後で謝るので毎回許してしまうが、成長してきたアンナは徐々に自立していく。

ゴダールの不器用過ぎる愛に翻弄される様子は、アンヌ、早くグッバイして!と応援したくなる。
おもしろおかしく描かれてはいたが、最後は流石にかわいそう。

35歳を越えたゴダールはすっかり自信を失っていて、他人を攻撃する言動を取りながらも彼らにすがってもいる。愛情が返ってくるわずかな可能性にかけ、返ってこないと相手を否定する。それが分かるのかアンヌも寛容にならざるを得ない。歳上というよりは母性愛でひたすら耐え許す。しかしあまりに自分を犠牲にする愛は長続きするケースは少ない。ゴダールであっても、普通と変わらない恋愛だったと思えた。

60年代のお洒落な部屋と服、何よりヒロインのマーティンが美しい。

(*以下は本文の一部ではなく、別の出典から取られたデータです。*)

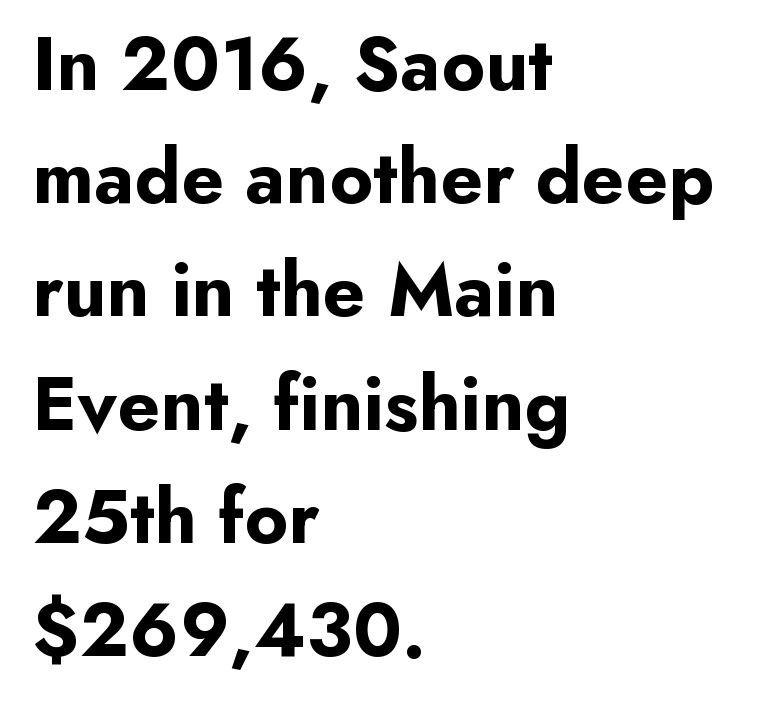
Q: Is the text bold? A: Yes.
Q: Is the text italic (slanted)? A: No, it is upright.
Q: Is the typeface a serif or a sans-serif typeface? A: Sans-serif.
Q: Is the text underlined? A: No.
Q: How is the paragraph aligned? A: Left-aligned.
Q: Is the spacing between letters normal or unusually wide? A: Normal.
Q: Is the spacing between lines tight, normal or loose? A: Normal.
Q: Width (condensed, normal, or wide)? A: Normal.
Q: Stroke contrast? A: Low.
Q: x-height? A: Small.
Q: Monospaced? A: No.
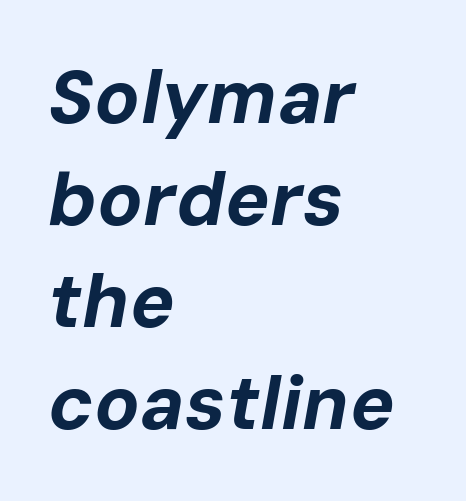
Students, note that the glyphs here touch the page at normal intervals. Visually the block forms a straight wall on the left and a jagged coastline on the right. Its strokes are broad and dark, the hallmark of bold type. Descenders hang freely into open space. In terms of leading, this rendering sits right in the middle.
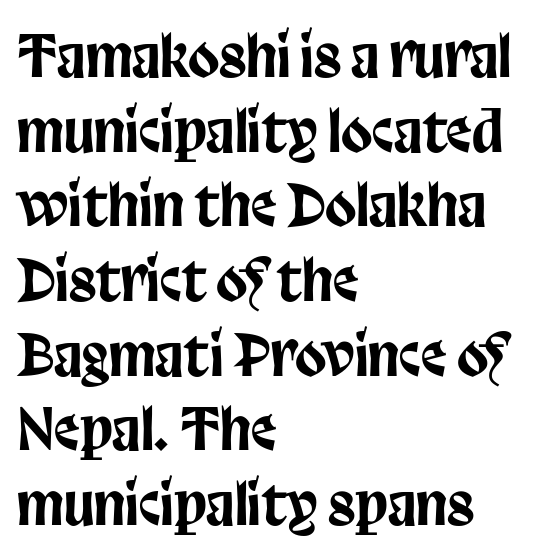
Q: Is the text italic (slanted)? A: No, it is upright.
Q: Is the typeface a serif or a sans-serif typeface? A: Sans-serif.
Q: Is the text underlined? A: No.
Q: How is the paragraph aligned? A: Left-aligned.
Q: Is the spacing between letters normal or unusually wide? A: Normal.
Q: Is the spacing between lines tight, normal or loose? A: Normal.
Q: Width (condensed, normal, or wide)? A: Condensed.
Q: Stroke contrast? A: Low.
Q: x-height? A: Large.
Q: Monospaced? A: No.
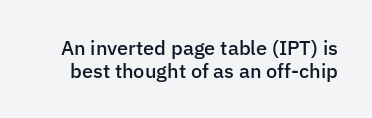
{"italic": "no", "bold": "semi", "underline": "no", "line_spacing": "tight", "line_spacing_ratio": 1.13, "letter_spacing": "normal", "letter_spacing_em": 0.0, "glyph_px": 20}
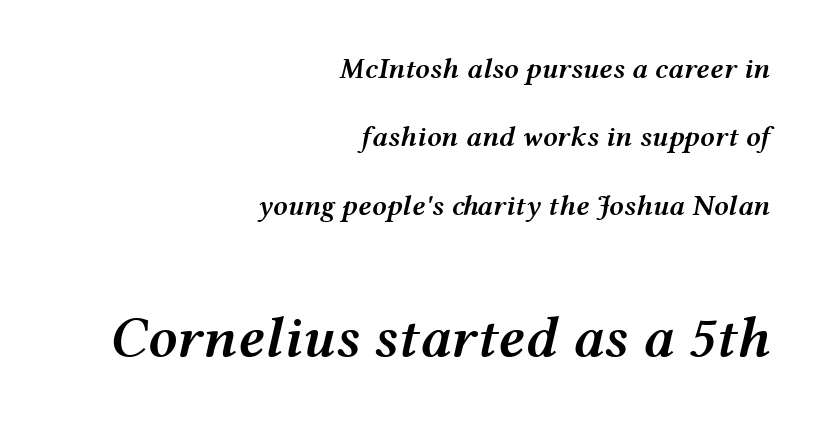
{"italic": "yes", "lean": "right", "slant_degrees": 12, "bold": "semi", "weight": "semibold", "width": "wide", "stroke_contrast": "medium", "x_height": "medium", "monospaced": "no", "underline": "no", "align": "right", "line_spacing": "loose", "line_spacing_ratio": 2.36, "letter_spacing": "normal", "letter_spacing_em": 0.0, "larger_block": "second", "size_ratio": 2.0, "glyph_px": 58}
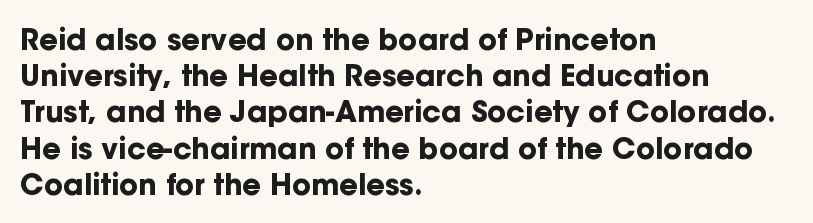
Q: Is the text bold? A: Yes.
Q: Is the text italic (slanted)? A: No, it is upright.
Q: Is the typeface a serif or a sans-serif typeface? A: Sans-serif.
Q: Is the text underlined? A: No.
Q: How is the paragraph aligned? A: Left-aligned.
Q: Is the spacing between letters normal or unusually wide? A: Normal.
Q: Is the spacing between lines tight, normal or loose? A: Normal.
Q: Width (condensed, normal, or wide)? A: Normal.
Q: Stroke contrast? A: Low.
Q: x-height? A: Medium.
Q: Monospaced? A: No.
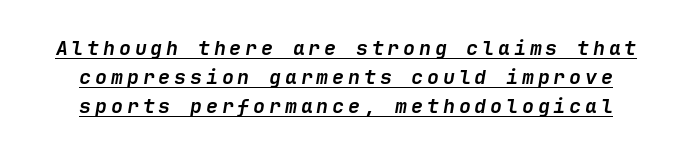
Every character sits at an angle, as italics do. The rendered words wear a rule along their underside. Rows of type keep a routine distance in the vertical direction. Typographic density is high because the face is bold.
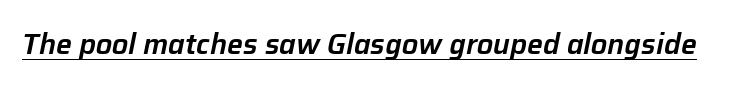
The image shows 28 px text type, italic (leaning right); set normal letter spacing, underlined; low stroke contrast and a medium x-height.
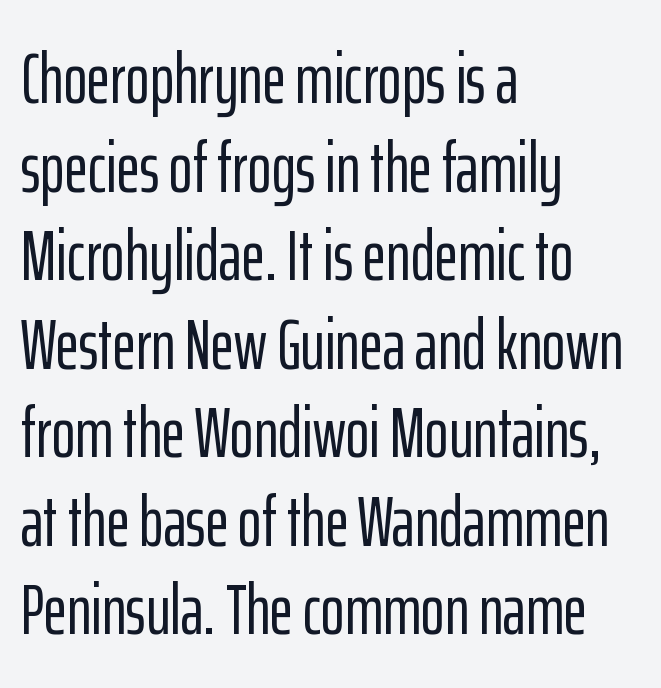
Q: Is the text italic (slanted)? A: No, it is upright.
Q: Is the typeface a serif or a sans-serif typeface? A: Sans-serif.
Q: Is the text underlined? A: No.
Q: How is the paragraph aligned? A: Left-aligned.
Q: Is the spacing between letters normal or unusually wide? A: Normal.
Q: Width (condensed, normal, or wide)? A: Condensed.
Q: Stroke contrast? A: Low.
Q: x-height? A: Medium.
Q: Monospaced? A: No.

日本人には特に好まれそう。何を着ても、着なくても、完璧な美。

ゴダール好きにとっては作品の要素が散りばめられて嬉しい作品だし、全く知らない人が観てもそれはそれで関係なく面白い。

個人的にアンヌがモーリヤックの外孫であることを初めて知ったので驚いた。

メモ
シェイラ……壁にある張り紙。60年代を代表する歌手。

Gene Kelly/ I like Myself……映画館で流れている曲。